**Given entries**
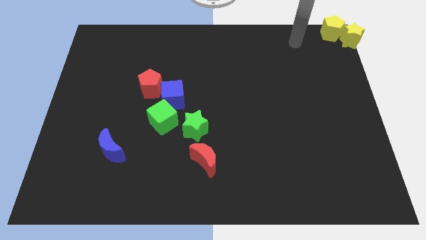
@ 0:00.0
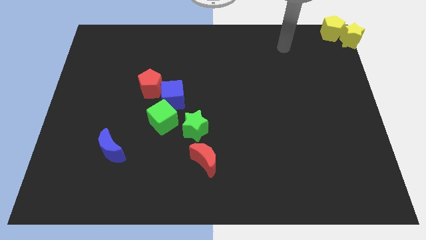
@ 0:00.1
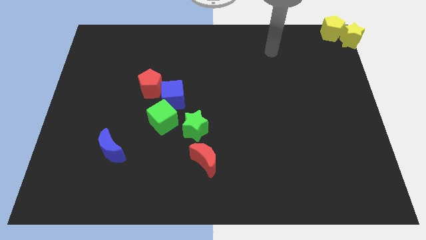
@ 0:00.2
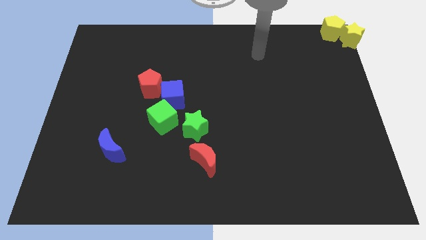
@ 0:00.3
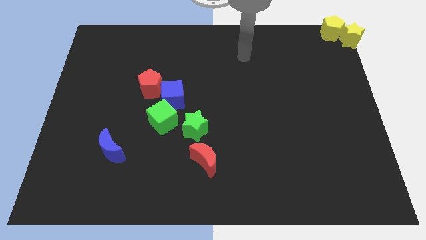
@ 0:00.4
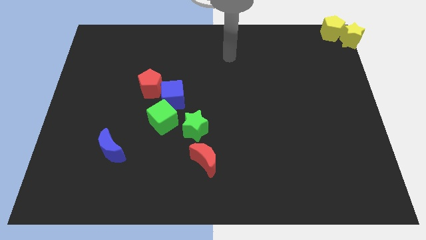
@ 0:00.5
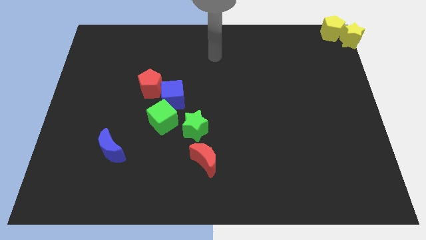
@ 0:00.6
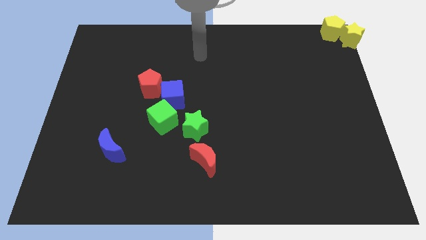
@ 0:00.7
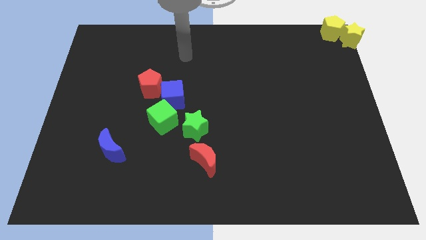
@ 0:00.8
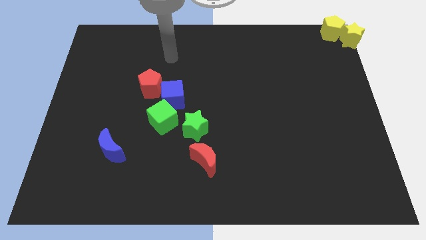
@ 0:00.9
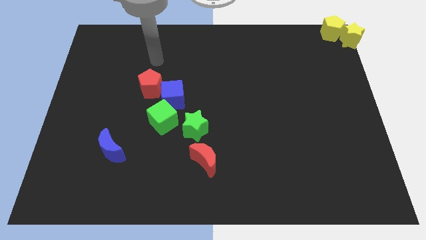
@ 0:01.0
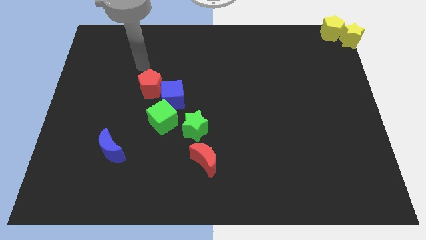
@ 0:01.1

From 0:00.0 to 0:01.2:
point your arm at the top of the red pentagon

**Exercise**
Please retype the data exactly as it appears, but without any of its pictures.

**Response to the task**
@ 0:00.0
@ 0:00.1
@ 0:00.2
@ 0:00.3
@ 0:00.4
@ 0:00.5
@ 0:00.6
@ 0:00.7
@ 0:00.8
@ 0:00.9
@ 0:01.0
@ 0:01.1

From 0:00.0 to 0:01.2:
point your arm at the top of the red pentagon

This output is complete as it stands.